As mentioned towards the beginning of the tutorial, we have a chunk of code that is somewhat atypical of standard optimizers: the use of function closures. Generally, optimizers perform updates via: `optimizer.step()`. In this case, however, we have:

```
def closure():
    optimizer.zero_grad()
    output = model(data)
    loss = F.nll_loss(output, target)
    loss.backward(retain_graph=True, create_graph=True)
    return loss
        
optimizer.step(closure)
```

With the reason being that we need the entire closure of the loss to access Hessian information within the optimization step. Other optimizers that require 2nd order information similarly make use of function closures, but they are less common than 1st order methods, which can get away with simply being invoked using `optimizer.step()`. With this setup complete, we can at last go ahead and prep up some final accessory functions:

In [None]:
def prepare_loaders(conf, use_cuda=False):
    kwargs = {'num_workers': 1, 'pin_memory': True} if use_cuda else {}
    train_loader = torch.utils.data.DataLoader(
        datasets.MNIST(
            '../data',
            train=True,
            download=True,
            transform=transforms.Compose(
                [
                    transforms.ToTensor(),
                    transforms.Normalize((0.1307,), (0.3081,)),
                ]
            ),
        ),
        batch_size=conf.batch_size,
        shuffle=True,
        **kwargs,
    )

    test_loader = torch.utils.data.DataLoader(
        datasets.MNIST(
            '../data',
            train=False,
            transform=transforms.Compose(
                [
                    transforms.ToTensor(),
                    transforms.Normalize((0.1307,), (0.3081,)),
                ]
            ),
        ),
        batch_size=conf.test_batch_size,
        shuffle=True,
        **kwargs,
    )
    return train_loader, test_loader


class Config:
    def __init__(
        self,
        batch_size: int = 64,
        test_batch_size: int = 1000,
        epochs: int = 15,
        lr: float = 0.01,
        gamma: float = 0.7,
        no_cuda: bool = True,
        seed: int = 42,
        log_interval: int = 10,
    ):
        self.batch_size = batch_size
        self.test_batch_size = test_batch_size
        self.epochs = epochs
        self.lr = lr
        self.gamma = gamma
        self.no_cuda = no_cuda
        self.seed = seed
        self.log_interval = log_interval

Finally, let's define the invocation of the optimization loop. Note the invocation:

```
optimizer = curve.CurveSGD(model.parameters(), lr=conf.lr)
```

There are some other parameters related to the exponential moving averages of the function, gradient, and Hessian-vector values, which can be seen in full detail in the accompanying full documentation. With that, let's define the optimization loop with the appropriate invocation:

In [None]:
def run_optimizer():
    conf = Config()
    log_dir = 'runs/mnist_custom_optim'
    print('Tensorboard: tensorboard --logdir={}'.format(log_dir))
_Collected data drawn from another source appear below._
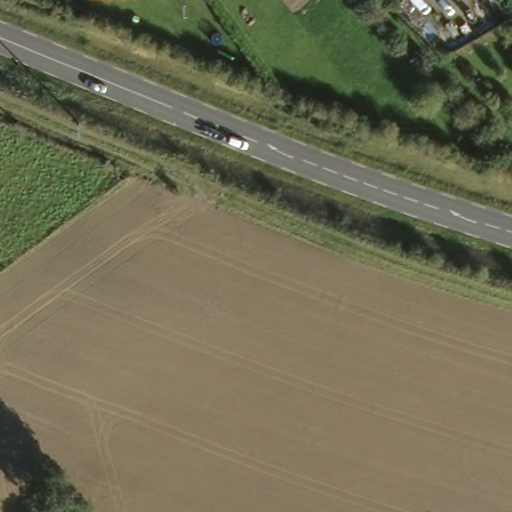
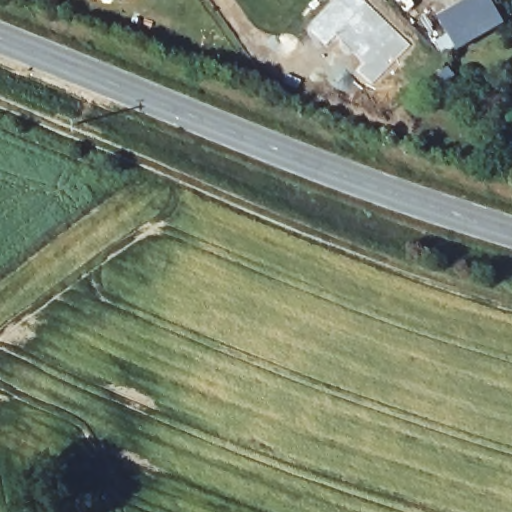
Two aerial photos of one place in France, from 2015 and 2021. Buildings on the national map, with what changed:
new [(492,0),(503,21),(446,52),(438,38),(450,32),(437,12),(459,0),(492,0)]

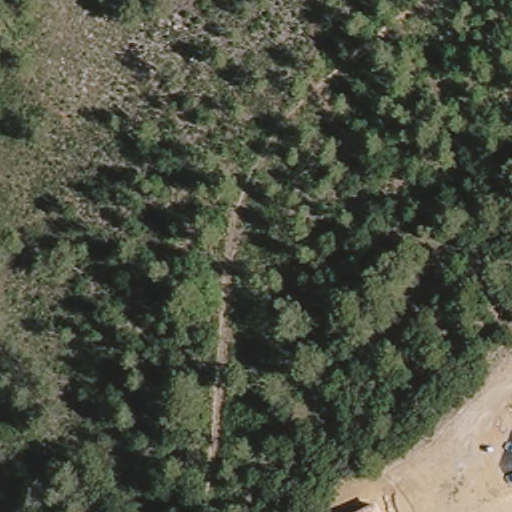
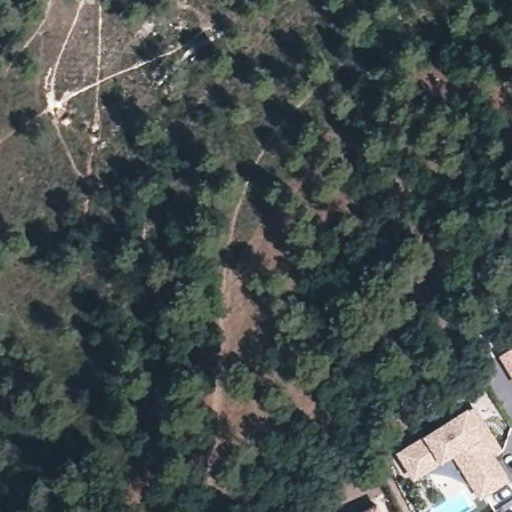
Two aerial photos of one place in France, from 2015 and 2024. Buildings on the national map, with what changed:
new [(507,365),(498,350),(512,341),(512,374),(507,365)]
new [(506,452),(499,457),(510,478),(480,498),(454,457),(445,462),(413,480),(396,453),(476,405),(506,452)]
unchanged [(382,512),(363,512),(379,505),(382,512)]

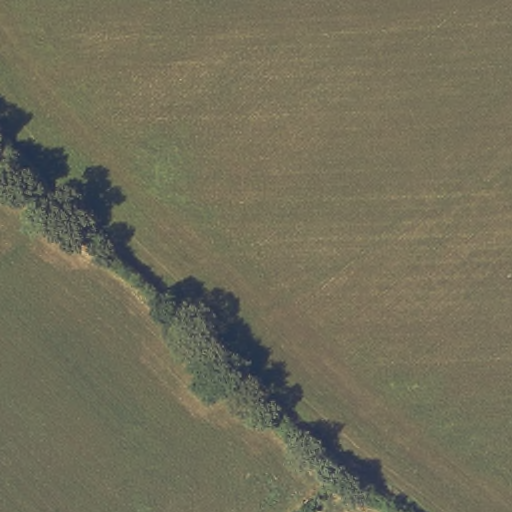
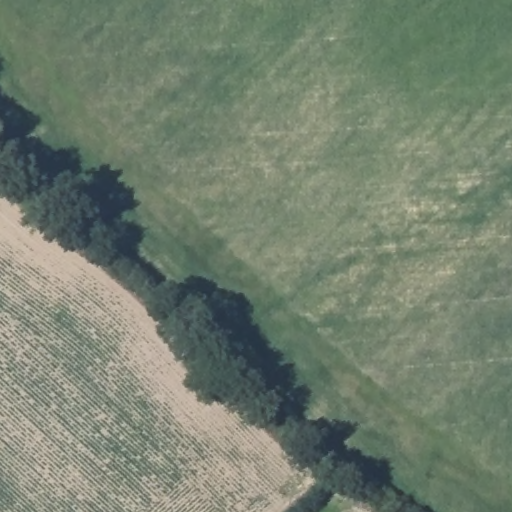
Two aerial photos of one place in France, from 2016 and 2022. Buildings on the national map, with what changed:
[]

    with SummaryWriter(log_dir) as writer:
        use_cuda = not conf.no_cuda and torch.cuda.is_available()
        torch.manual_seed(conf.seed)
        device = torch.device('cuda' if use_cuda else 'cpu')
        train_loader, test_loader = prepare_loaders(conf, use_cuda)
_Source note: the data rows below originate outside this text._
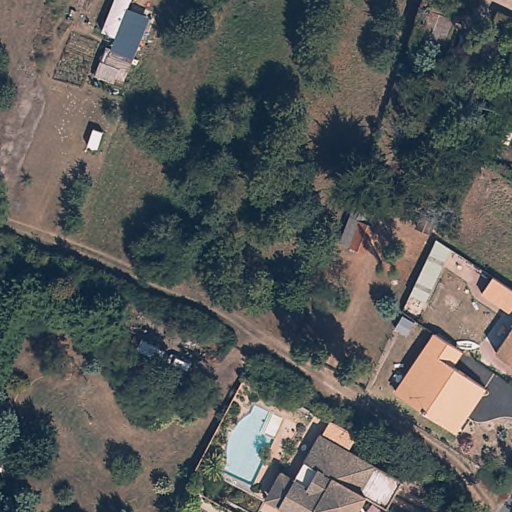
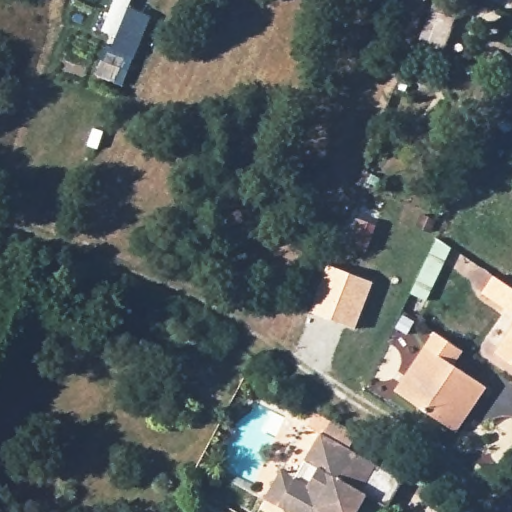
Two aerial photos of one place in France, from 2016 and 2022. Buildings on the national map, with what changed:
unchanged [(432,45),(432,43),(422,39),(432,10),(436,2),(459,8),(456,18),(444,49),(432,45)]
unchanged [(356,202),(361,190),(362,190),(366,192),(362,204),(356,219),(363,222),(368,208),(380,213),(375,227),(366,252),(340,241),(356,202)]
unchanged [(434,231),(420,224),(426,211),(440,218),(434,231)]
new [(328,265),(372,282),(356,330),(309,313),(328,265)]
unchanged [(512,280),(512,304),(490,290),(501,272),(512,280)]
unchanged [(457,358),(490,380),(462,425),(401,387),(440,327),(460,340),(466,344),(457,358)]
unchanged [(512,337),(512,349),(507,345),(512,337)]
unchanged [(364,512),(306,512),(281,497),(268,490),(283,462),(296,469),(300,471),(310,454),(306,452),(321,424),(399,467),(384,495),(367,486),(358,503),(366,508),(364,512)]

        model = Net().to(device)

        # create grid of images and write to tensorboard
        images, labels = next(iter(train_loader))
        img_grid = utils.make_grid(images)
        writer.add_image('mnist_images', img_grid)
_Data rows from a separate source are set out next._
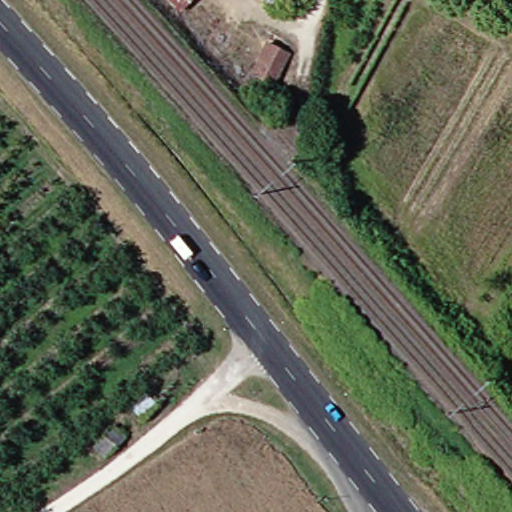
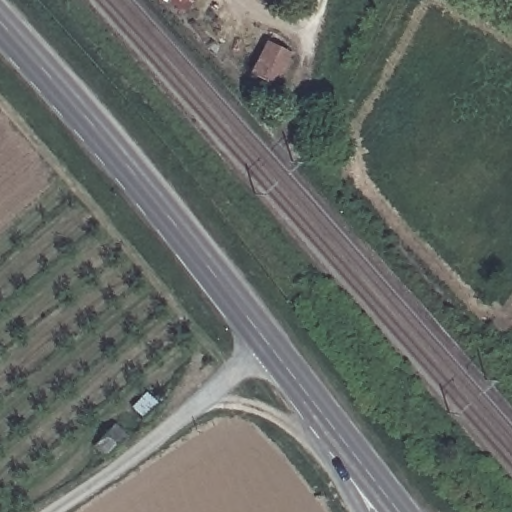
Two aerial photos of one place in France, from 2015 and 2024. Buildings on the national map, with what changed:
unchanged [(249,76),(267,48),(288,60),(269,92),(249,76)]

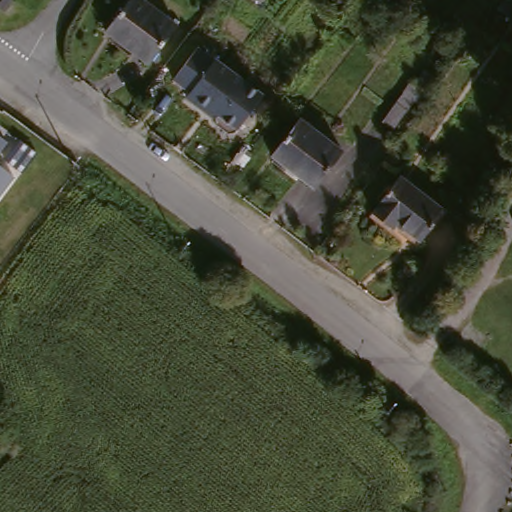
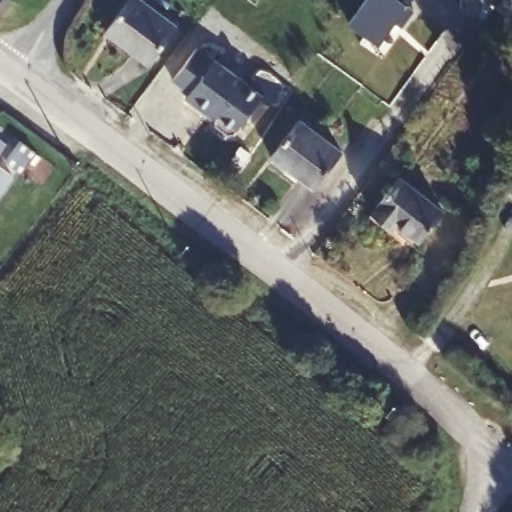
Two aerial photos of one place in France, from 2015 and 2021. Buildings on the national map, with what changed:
unchanged [(130,0),(141,0),(176,26),(149,62),(107,31),(130,0)]
new [(366,0),(411,0),(408,5),(414,9),(402,26),(396,21),(380,44),(349,23),(366,0)]
unchanged [(272,93),(246,133),(172,79),(204,43),(272,93)]
unchanged [(300,120),(341,152),(313,189),(271,157),(300,120)]
unchanged [(8,137),(0,152),(0,132),(8,137)]
unchanged [(14,171),(0,191),(0,161),(14,171)]
unchanged [(512,176),(512,188),(507,185),(512,176)]
unchanged [(390,236),(364,217),(395,177),(438,210),(414,241),(396,228),(390,236)]

        # custom optimizer from torch_optimizer package
        optimizer = curve.CurveSGD(model.parameters(), lr=conf.lr)

        for epoch in range(1, conf.epochs + 1):
            train(conf, model, device, train_loader, optimizer, epoch, writer)

And at last, we can run the accompanying optimizer simply with:

In [None]:
run_optimizer()

And that's it! Notice that there is nothing different about the invocation of CurveSGD for optimization compared to other optimizers in the PyTorch library, with the exception of having to invoke the function closure for Hessian information. For full documentation, see the associated website or Sphinx pages.